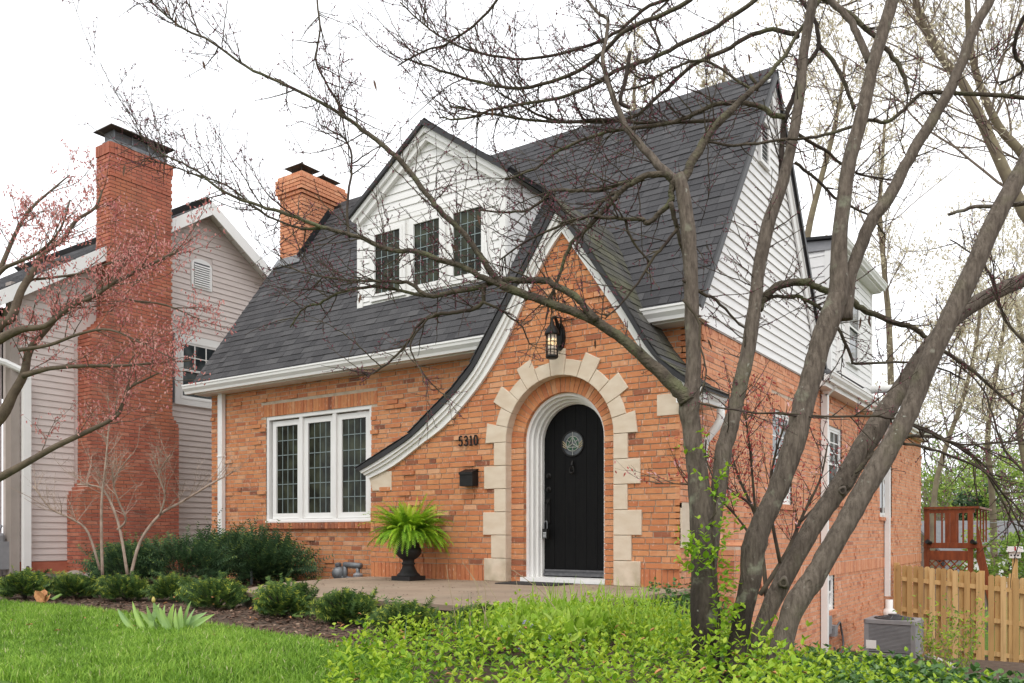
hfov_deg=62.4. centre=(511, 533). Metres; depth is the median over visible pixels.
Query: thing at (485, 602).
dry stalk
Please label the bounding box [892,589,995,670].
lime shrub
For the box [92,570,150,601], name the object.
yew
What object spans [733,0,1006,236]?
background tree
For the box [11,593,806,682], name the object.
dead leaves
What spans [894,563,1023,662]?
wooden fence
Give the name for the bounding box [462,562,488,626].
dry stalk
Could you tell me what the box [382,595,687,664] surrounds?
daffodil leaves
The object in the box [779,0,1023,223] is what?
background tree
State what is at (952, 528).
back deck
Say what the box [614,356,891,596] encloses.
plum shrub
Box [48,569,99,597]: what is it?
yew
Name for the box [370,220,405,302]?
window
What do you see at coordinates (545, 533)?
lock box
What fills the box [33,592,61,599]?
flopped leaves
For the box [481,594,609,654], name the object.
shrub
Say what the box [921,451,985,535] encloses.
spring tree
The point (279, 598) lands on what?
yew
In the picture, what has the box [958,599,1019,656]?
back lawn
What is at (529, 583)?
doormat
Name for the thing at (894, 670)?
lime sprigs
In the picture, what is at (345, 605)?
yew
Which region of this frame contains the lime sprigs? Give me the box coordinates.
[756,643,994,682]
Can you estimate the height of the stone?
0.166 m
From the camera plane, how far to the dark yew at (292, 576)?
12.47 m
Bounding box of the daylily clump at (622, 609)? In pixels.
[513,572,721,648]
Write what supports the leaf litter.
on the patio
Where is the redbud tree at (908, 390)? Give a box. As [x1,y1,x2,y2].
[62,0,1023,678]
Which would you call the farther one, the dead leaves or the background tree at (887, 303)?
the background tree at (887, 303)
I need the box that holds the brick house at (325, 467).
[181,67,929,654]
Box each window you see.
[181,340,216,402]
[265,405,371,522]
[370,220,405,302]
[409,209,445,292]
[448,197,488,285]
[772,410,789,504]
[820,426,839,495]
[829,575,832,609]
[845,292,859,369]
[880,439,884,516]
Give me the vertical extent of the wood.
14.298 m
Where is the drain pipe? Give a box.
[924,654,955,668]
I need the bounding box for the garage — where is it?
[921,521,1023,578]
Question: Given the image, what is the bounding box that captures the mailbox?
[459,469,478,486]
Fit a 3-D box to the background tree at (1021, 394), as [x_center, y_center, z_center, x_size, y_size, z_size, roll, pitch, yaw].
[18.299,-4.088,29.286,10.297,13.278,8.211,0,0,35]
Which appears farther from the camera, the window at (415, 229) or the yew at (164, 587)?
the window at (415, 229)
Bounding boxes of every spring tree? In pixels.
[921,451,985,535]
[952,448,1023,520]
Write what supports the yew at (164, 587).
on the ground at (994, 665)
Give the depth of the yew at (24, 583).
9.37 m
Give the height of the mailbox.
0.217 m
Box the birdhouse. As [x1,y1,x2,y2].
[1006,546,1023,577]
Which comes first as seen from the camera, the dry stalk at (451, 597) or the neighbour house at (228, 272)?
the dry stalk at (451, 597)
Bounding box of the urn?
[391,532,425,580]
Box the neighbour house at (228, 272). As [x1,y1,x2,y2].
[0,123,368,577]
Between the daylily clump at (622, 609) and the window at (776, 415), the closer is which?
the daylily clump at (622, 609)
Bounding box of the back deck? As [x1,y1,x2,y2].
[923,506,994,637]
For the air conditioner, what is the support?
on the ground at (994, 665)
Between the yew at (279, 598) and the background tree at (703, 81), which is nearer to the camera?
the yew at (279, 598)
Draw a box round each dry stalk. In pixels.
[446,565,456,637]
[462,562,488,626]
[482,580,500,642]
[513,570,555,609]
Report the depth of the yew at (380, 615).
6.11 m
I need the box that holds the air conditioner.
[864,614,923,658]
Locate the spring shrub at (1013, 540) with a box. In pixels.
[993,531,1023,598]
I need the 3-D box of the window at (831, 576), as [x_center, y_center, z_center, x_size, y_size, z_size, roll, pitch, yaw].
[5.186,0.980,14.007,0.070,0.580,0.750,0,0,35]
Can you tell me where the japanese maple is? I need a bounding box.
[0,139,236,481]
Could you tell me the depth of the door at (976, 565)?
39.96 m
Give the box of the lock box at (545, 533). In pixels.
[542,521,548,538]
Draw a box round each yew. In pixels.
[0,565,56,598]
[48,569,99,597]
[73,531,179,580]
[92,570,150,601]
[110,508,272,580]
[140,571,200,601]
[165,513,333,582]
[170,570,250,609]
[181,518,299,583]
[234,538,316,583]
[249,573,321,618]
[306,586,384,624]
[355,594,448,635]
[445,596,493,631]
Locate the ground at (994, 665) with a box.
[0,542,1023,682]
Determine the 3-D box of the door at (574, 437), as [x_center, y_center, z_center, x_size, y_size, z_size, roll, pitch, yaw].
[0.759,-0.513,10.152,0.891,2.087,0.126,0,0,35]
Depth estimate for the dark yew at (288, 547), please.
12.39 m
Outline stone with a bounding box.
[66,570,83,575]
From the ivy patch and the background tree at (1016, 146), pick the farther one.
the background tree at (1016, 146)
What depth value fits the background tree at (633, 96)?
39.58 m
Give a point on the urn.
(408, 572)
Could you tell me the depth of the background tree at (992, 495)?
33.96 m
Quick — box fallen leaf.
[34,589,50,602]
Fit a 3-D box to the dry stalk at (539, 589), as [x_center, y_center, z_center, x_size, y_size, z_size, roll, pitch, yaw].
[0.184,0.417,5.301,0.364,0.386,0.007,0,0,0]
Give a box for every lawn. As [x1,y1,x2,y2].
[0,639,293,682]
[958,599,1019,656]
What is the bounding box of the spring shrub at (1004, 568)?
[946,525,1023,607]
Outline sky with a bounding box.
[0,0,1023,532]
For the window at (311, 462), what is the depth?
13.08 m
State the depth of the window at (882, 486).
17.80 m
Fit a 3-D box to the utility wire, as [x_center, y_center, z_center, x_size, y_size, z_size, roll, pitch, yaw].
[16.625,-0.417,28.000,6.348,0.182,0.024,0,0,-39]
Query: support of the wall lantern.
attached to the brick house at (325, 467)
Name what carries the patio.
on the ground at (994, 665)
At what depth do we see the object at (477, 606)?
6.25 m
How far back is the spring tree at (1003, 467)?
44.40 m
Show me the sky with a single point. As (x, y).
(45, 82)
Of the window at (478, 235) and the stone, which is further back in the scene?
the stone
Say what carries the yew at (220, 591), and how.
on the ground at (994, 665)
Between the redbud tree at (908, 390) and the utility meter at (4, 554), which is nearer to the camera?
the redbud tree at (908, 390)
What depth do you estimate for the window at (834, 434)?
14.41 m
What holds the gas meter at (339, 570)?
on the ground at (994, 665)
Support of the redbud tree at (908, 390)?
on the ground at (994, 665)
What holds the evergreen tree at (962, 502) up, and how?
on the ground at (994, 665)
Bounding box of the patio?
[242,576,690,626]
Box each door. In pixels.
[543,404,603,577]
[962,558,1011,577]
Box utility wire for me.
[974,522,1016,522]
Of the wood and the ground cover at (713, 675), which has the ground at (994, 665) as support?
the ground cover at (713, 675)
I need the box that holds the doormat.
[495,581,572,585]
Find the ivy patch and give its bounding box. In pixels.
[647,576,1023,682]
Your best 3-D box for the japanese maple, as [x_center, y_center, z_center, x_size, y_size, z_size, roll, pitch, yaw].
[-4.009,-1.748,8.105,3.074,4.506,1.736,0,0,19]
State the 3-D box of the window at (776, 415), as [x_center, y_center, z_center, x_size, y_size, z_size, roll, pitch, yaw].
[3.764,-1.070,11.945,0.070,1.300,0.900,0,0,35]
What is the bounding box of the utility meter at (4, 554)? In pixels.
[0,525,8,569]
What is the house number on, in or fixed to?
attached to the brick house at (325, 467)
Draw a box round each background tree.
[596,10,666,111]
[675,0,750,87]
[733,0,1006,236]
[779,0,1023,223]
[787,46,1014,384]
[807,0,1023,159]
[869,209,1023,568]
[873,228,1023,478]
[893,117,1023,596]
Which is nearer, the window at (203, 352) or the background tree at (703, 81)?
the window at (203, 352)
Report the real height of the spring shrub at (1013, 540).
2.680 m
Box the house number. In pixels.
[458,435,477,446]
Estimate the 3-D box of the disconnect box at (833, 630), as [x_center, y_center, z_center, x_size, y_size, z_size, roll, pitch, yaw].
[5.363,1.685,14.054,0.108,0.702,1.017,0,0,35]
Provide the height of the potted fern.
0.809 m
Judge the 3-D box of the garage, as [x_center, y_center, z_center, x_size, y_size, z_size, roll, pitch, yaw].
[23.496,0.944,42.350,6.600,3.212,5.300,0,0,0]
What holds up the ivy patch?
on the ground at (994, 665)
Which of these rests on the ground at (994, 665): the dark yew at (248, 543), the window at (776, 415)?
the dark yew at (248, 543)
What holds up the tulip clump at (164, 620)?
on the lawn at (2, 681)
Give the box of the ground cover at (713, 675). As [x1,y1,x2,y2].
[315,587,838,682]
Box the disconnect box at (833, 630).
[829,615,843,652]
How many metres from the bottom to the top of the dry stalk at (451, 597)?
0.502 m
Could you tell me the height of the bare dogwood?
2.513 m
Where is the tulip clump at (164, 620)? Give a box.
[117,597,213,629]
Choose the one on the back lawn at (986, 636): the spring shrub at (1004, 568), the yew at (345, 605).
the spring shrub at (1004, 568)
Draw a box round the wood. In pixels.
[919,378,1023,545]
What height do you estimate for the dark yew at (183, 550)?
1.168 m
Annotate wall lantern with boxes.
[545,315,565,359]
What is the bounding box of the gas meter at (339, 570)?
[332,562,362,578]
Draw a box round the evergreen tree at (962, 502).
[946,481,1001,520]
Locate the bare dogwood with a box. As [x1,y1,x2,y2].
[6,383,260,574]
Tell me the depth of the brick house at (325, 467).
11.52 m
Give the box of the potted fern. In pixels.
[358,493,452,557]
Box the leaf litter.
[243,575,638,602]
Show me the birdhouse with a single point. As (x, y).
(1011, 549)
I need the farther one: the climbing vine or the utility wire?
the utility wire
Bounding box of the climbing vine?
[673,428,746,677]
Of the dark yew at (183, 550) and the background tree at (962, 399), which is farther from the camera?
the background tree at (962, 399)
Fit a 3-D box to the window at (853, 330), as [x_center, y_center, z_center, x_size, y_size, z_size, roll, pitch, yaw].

++++++++++

WHAT THE TASK ASKS
Wherever a line above contains the string "every", copy that line.

SOLUTION
Bounding boxes of every spring tree? In pixels.
Give a box for every lawn. As [x1,y1,x2,y2].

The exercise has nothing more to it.